▶ [Supplied information]:
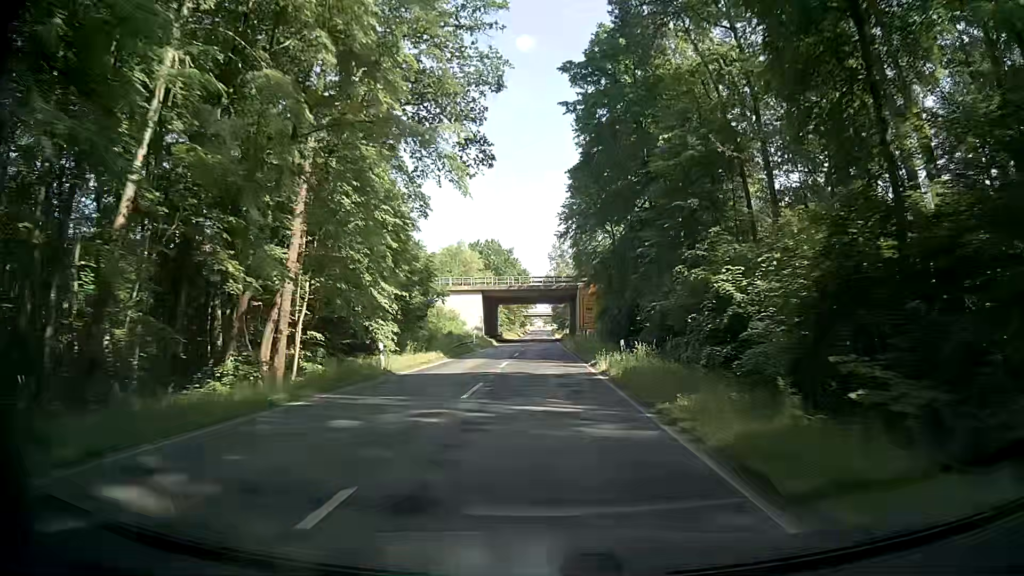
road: secondary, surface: asphalt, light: Day
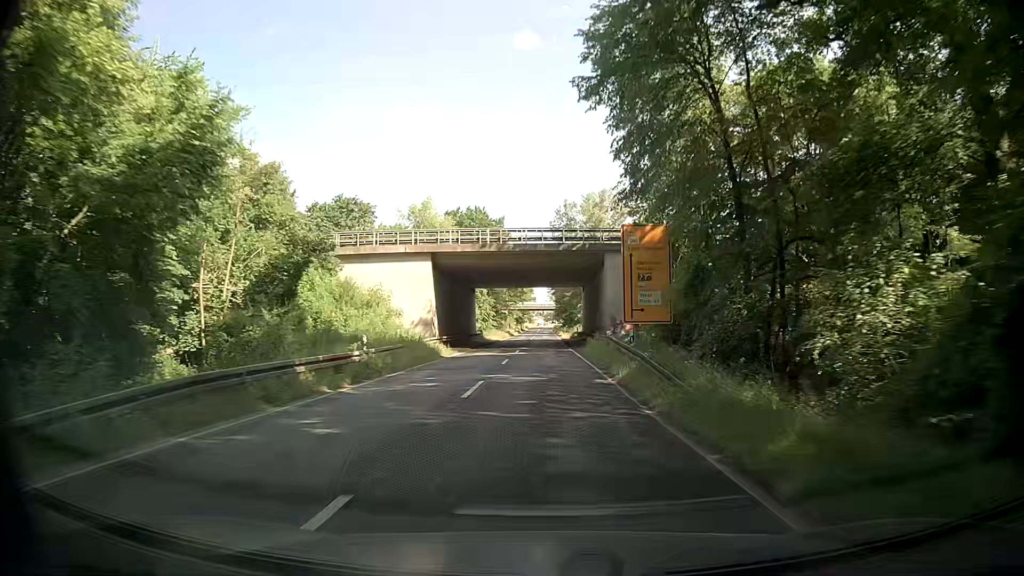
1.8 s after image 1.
(-0.4, +36.1) m; -1°
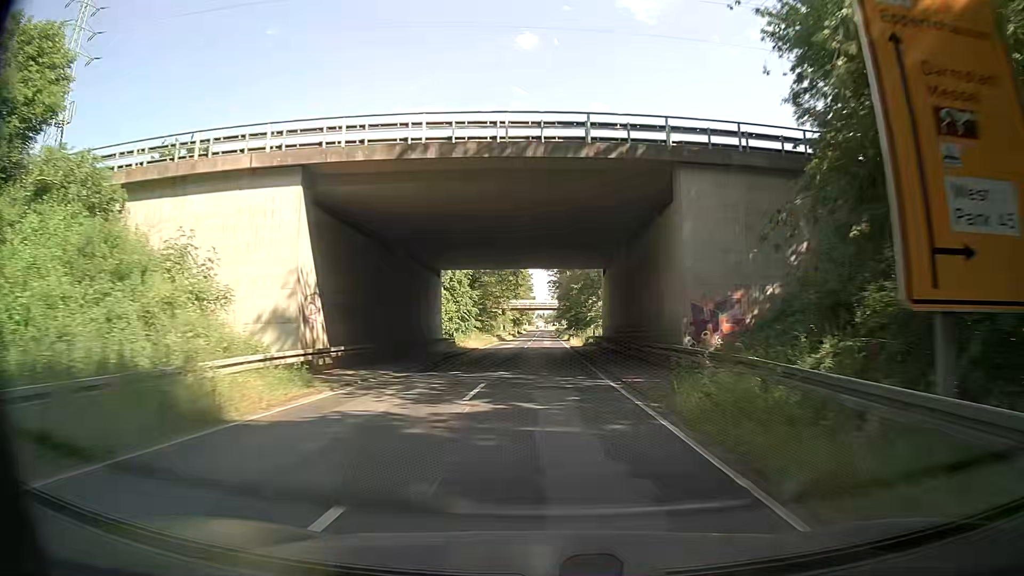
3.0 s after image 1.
(+0.1, +24.0) m; 0°
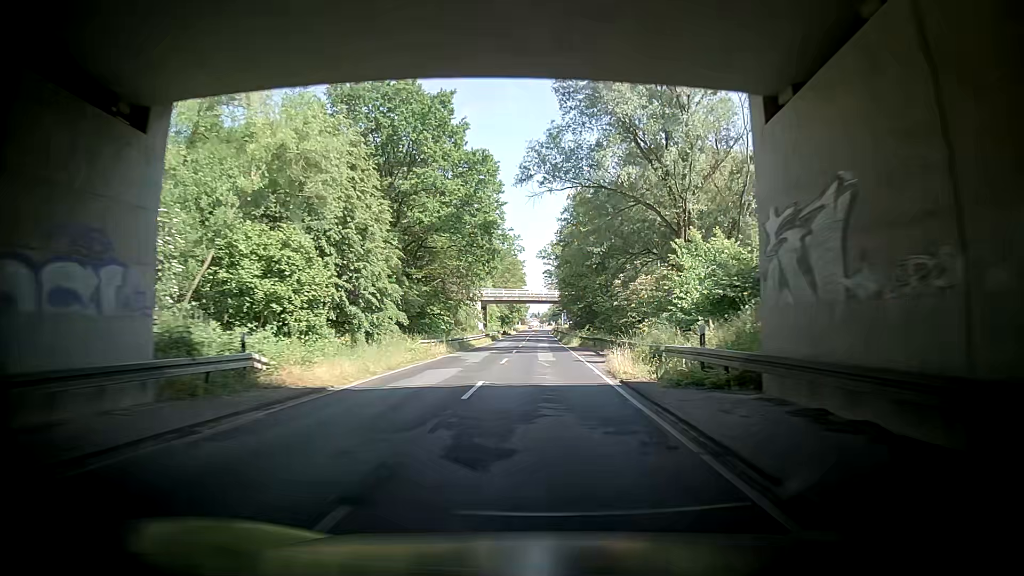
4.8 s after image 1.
(+0.2, +35.7) m; -2°
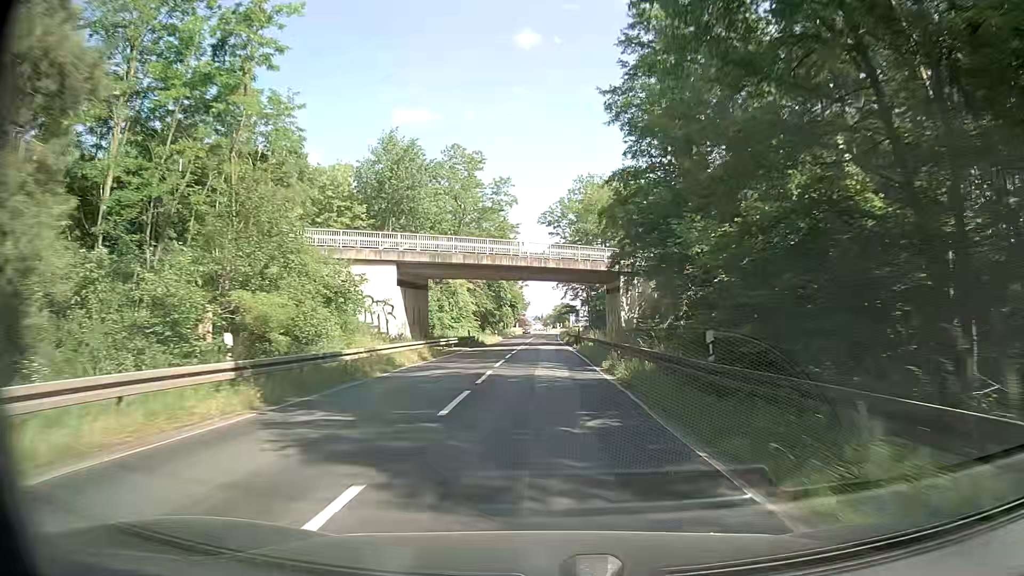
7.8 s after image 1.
(+0.7, +58.7) m; +1°
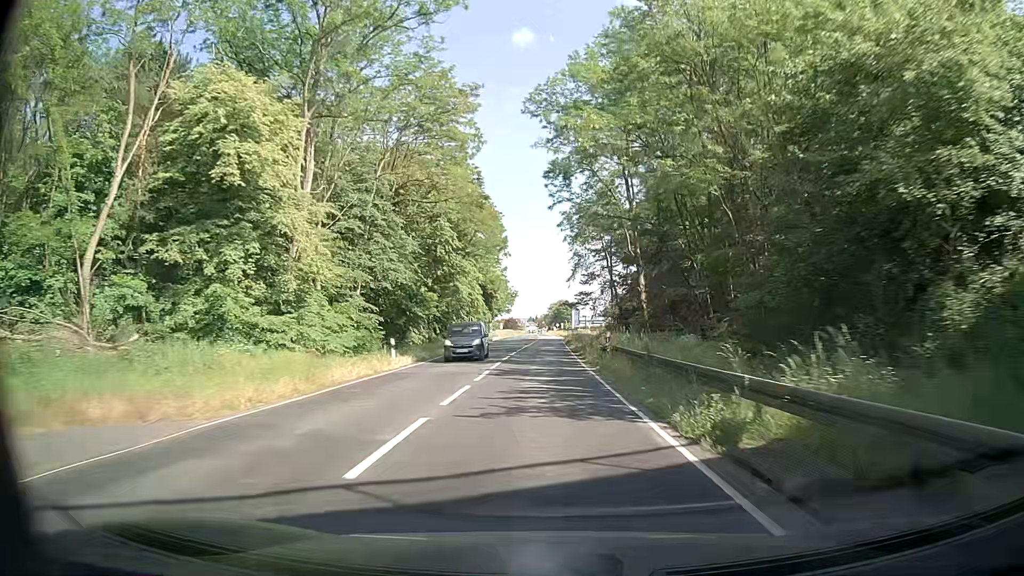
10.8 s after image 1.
(+1.0, +57.9) m; +1°
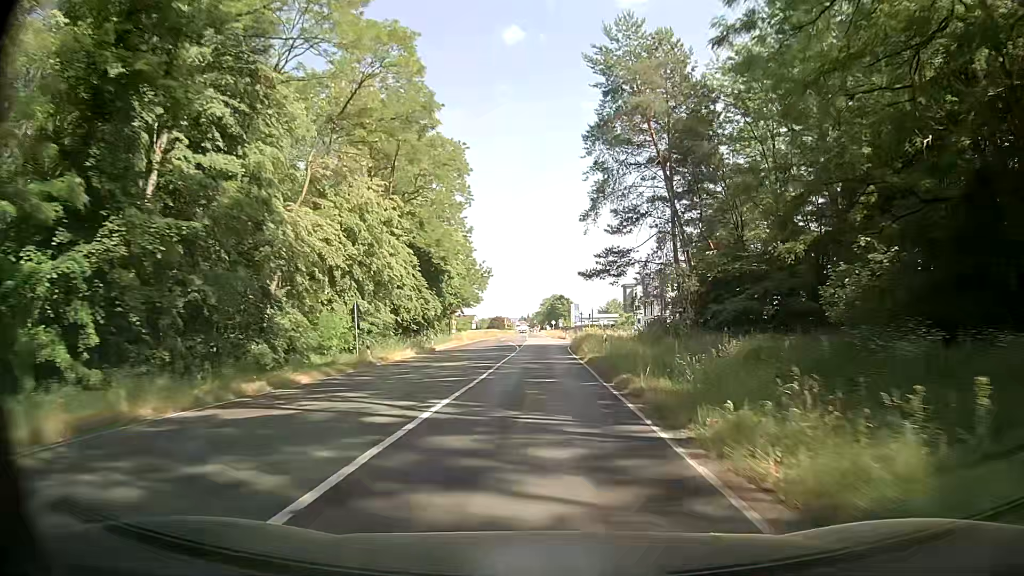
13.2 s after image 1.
(+0.1, +45.7) m; 0°
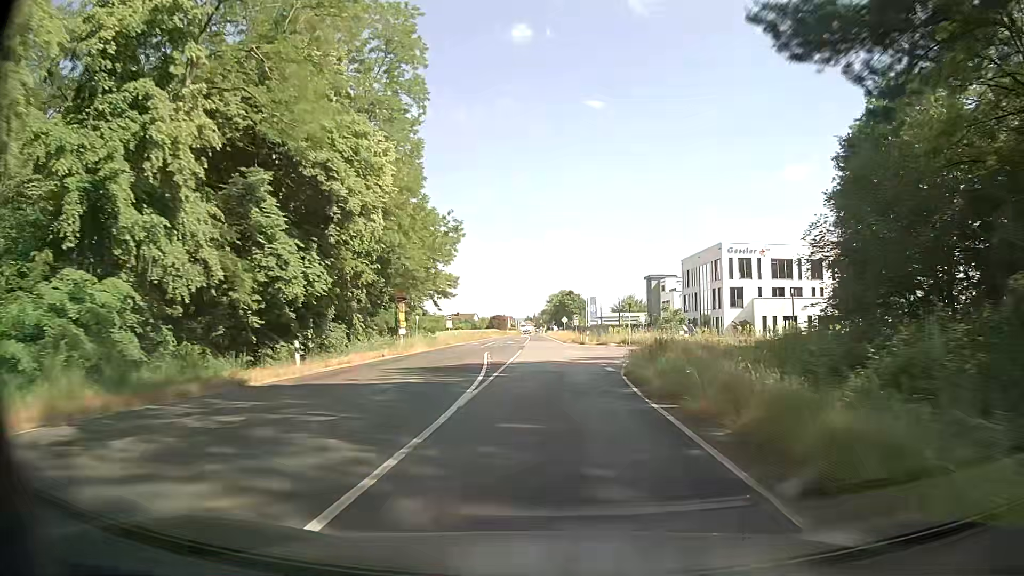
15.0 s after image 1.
(+0.3, +33.7) m; 0°
(0, +10) (0, +20) (0, +30) (0, +40) (0, +50) (0, +60) (0, +70) (0, +80) (0, +90) (-1, +100) m

▶ [Task prompt]:
The listing above must be given again exactly, minus its pictures.

▶ [Your response]:
road: secondary, surface: asphalt, light: Day
1.8 s after image 1.
(-0.4, +36.1) m; -1°
3.0 s after image 1.
(+0.1, +24.0) m; 0°
4.8 s after image 1.
(+0.2, +35.7) m; -2°
7.8 s after image 1.
(+0.7, +58.7) m; +1°
10.8 s after image 1.
(+1.0, +57.9) m; +1°
13.2 s after image 1.
(+0.1, +45.7) m; 0°
15.0 s after image 1.
(+0.3, +33.7) m; 0°
(0, +10) (0, +20) (0, +30) (0, +40) (0, +50) (0, +60) (0, +70) (0, +80) (0, +90) (-1, +100) m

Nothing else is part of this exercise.